Высаживаю друзей у «Сухаревской».
– Ой, смотрите, крыса, ой какая серая, – кричит Витя. Обернувшись, вижу свою прозрачную сумку, которая со всеми моими деньгами, ключами и документами валялась все это время на заднем сиденье. На ней много кто сидел, но никто не тронул.
Лиля, Лада и Таня
Дежурим у клуба First на Софийской набережной – там идет вечеринка в честь закрытия Недели моды в Москве. Леонтьев с сутенерским видом прогуливается возле моего «пежо», чтобы никто без очереди не пролез.
– Тут во дворе церковь, – рассказывает Леонтьев, – я там работал мойщиком окон. Одно окно – один рубль.
Из клуба выходят две длинноволосые блондинки и мулатка с воздушным шариком, на вид им лет восемнадцать, все тщательно накрашены. Девушки сразу направляются ко мне.

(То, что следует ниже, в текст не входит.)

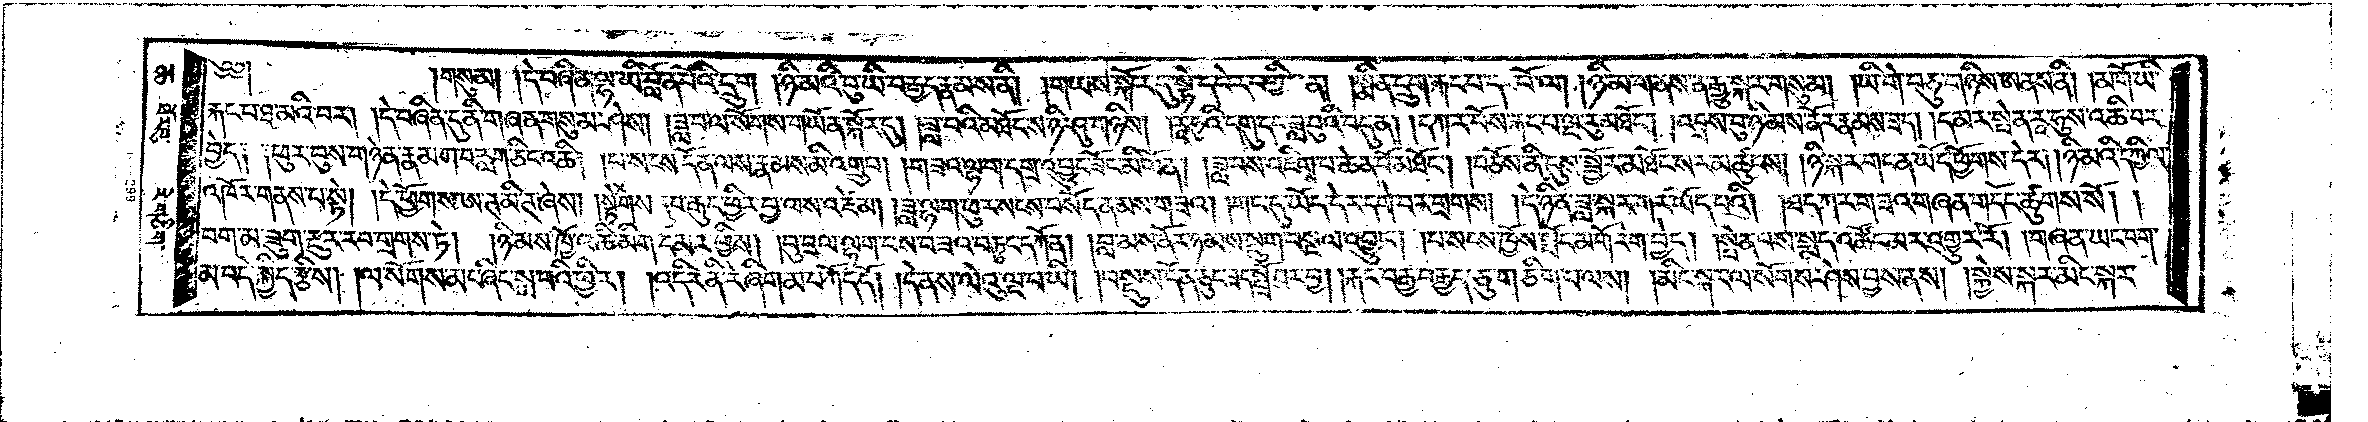༄༅། །གསུམ། །དེ་བཞིན་ལྷ་ཡི་བློན་པོའི་དྲུག། །ཉི་མའི་བུ་ཡི་བརྒྱད་རྣམས་ནི། །གཡས་སྐོར་དུ་སྟེ་དཔར་བགྱིས་ན། །སྨིན་དྲུག་རྐང་བ་དང་པོ་ལ། །ཉི་མ་གནས་ན་རྒྱུ་སྐར་གསུམ། ཡི་གེ་བཅུ་གཉིས་པ་ནས་ནི། །མགོ་ཡི་
རྐང་པ་ཐ་མའི་བར། །དེ་བཞིན་དུ་ནི་གཞན་གསུམ་ཤེས། །ཟླ་བ་ལ་སོགས་གཡོན་སྐོར་དུ། །ཟླ་བའི་མཐོང་ས་ཉི་ཤུ་གཉིས། །རཱ་ཧུའི་དགུ་དང་ཟླ་བུའི་བདུན། །དཀར་པོས་རྐང་པ་ལྔ་ཨུ་མཐོང་། །འབྲས་བུ་ཉི་མས་ནོར་རྣམས་ཟད། །དམར་སྤེན་རཱ་ཧུས་འཆི་བར་
བྱེད༑ ༑ཕུར་བུས་གཉེན་རྣམ་ག་བརླག་ཅིང་འཆི། །པ་སངས་དོན་ལས་རྣམས་མི་འགྲུབ། །གཟའ་ལྷག་དགྲ་འབྱུང་ཟོང་མི་ལོན། །ཟླ་བས་འཇིགས་པ་ཆེན་པོ་མཐོང་། །བཅོས་ནི་དུས་སྦྱོར་མཐོང་སར་མཚུངས། །ཉི་སྐར་གང་ན་ཡོད་ཕྱོགས་དེར། །ཉི་མའི་དཀྱིལ་
འཁོར་གནས་པ་སྟེ། །དེ་ཕྱོགས་ཨ་ཊ་མི་ཊ་ཞེས། །སྟེགས་ནུབ་རྒུད་ཕྱིར་བྱ་ལས་འཛེ་མ། །ཟླ་ལྷག་ཕུར་སངས་བསོད་རྣམས་གཟའ། །གང་དུ་ཡོད་དེར་དགེ་བར་གྲགས། །དེ་ཉིན་ཟླ་སྐར་གར་ཡོད་པའི། །ཐད་ཀར་གཟའ་གཞན་གདོང་ཚུགས་སོ། །
བག་མ་ཟུག་རྔུར་རབ་གྲགས་ཏེ། །ཉི་མས་ཁྱོ་འཆི་མིག་དམར་ཕྱིས། །བུ་བྲལ་ལྷག་པས་བཟའ་བཏུང་དཀོན། །བླ་མས་ནོར་ཉམས་སྡུག་བསྔལ་འབྱུང་། །པ་སངས་ཁྱོད་སྤོང་མགོ་རེག་བྱེད། །སྤེན་པས་སྨད་འཚོང་མར་འགྱུར་རོ། །གཞན་ཡང་བག་
མ་བདེ་སྐྱིད་རྩིས། །ལ་སོགས་མང་ཞིང་སླ་བའི་ཕྱིར། །འདིར་ནི་རེ་ཞིག་མ་བཀོད་དོ། །དེ་ནས་ལེའུ་ལྔ་པ་ཡི། །བསྡུས་དོན་ཅུང་ཟད་སྤྲོ་བར་བྱ། །རྐང་བརྒྱ་བརྒྱད་ཅུ་གཅིག་པ་ལས། །མིང་སྐར་ལ་སོགས་ཤེས་བྱས་ནས། །སྐྱེས་སྐར་མིང་སྐར་

– Нам на Тверскую, в «Этаж», знаете?
Я не сразу замечаю, что к моему «пежо» жмется серебристый пузатый BMW. Девушки начинают хихикать и говорить, как правильно они сделали, уехав от этих чеченцев. В BMW опускаются тонированные стекла: ухажеры посылают нам ослепительные улыбки. После этого они долго едут вровень со мной, потом пытаются прижать меня к тротуару, потом обгоняют и притормаживают, потом пристраиваются в хвосте. Настроение у девушек портится. Посреди Большого Каменного моста я резко торможу прямо в среднем ряду – BMW останавливается рядом. Так мы стоим минут семь. Я пытаюсь думать о том, как же все-таки красив собор Василия Блаженного. Ухажеры трогаются с места первыми. Начинается дождь.
Девушки переводят дух и принимаются рассказывать, как за одну ночь они побывали в «Кабаре», – «там весело», потом их не пустили в «Зиму» – «первый раз в жизни куда-то не пустили», а в First им не понравилось – «десять человек танцуют под плохую музыку».
– А что за мужчины в этих местах? – интересуюсь я.
– В «Кабаре» – бандиты и иностранцы, на которых вешаются проститутки, – рассказывает мулатка Лиля. – В «Зиме» мужчины ухоженные и холеные, они наверняка часами себе пилят и полируют ногти. Я таких за мужчин не считаю, фу.
– Зачем ты так категорично, зай, – говорит Лада. – Мне больше всего такие нравятся, это хорошо, когда мужчины следят за собой. Правда, когда они ноги бреют, мне не нравится: ноги у мужчины должны быть кривыми и волосатыми.
Лена, Лена и Аня
У клуба «Дача» на Яузском бульваре вижу попу своей подруги Лены – Лена залезает в «пятерку». Начинаю истошно сигналить – из машины вылезает Ленина голова, а за ней еще две девушки. Лена – шеф-редактор дневных новостей на третьем канале, другая Лена – их ведущая, Аня – подруга второй Лены. У Лены-редактора вчера был день рождения.
– Не помню ни как сегодня в прямой эфир выходили, ни кто тексты писал – но как-то вышли, и, говорят, неплохо. А ты чего это разъезжаешь? Ты не пьяная, случайно?
– Да нет, просто отличная ночь была, – сама того не замечая, перехожу на крик. – Познакомилась с рутульцем и тунисцем, оторвалась от погони, встретила Леона Клема, видела Александра Волошина, побывала в Аннино – а могла ведь все проспать.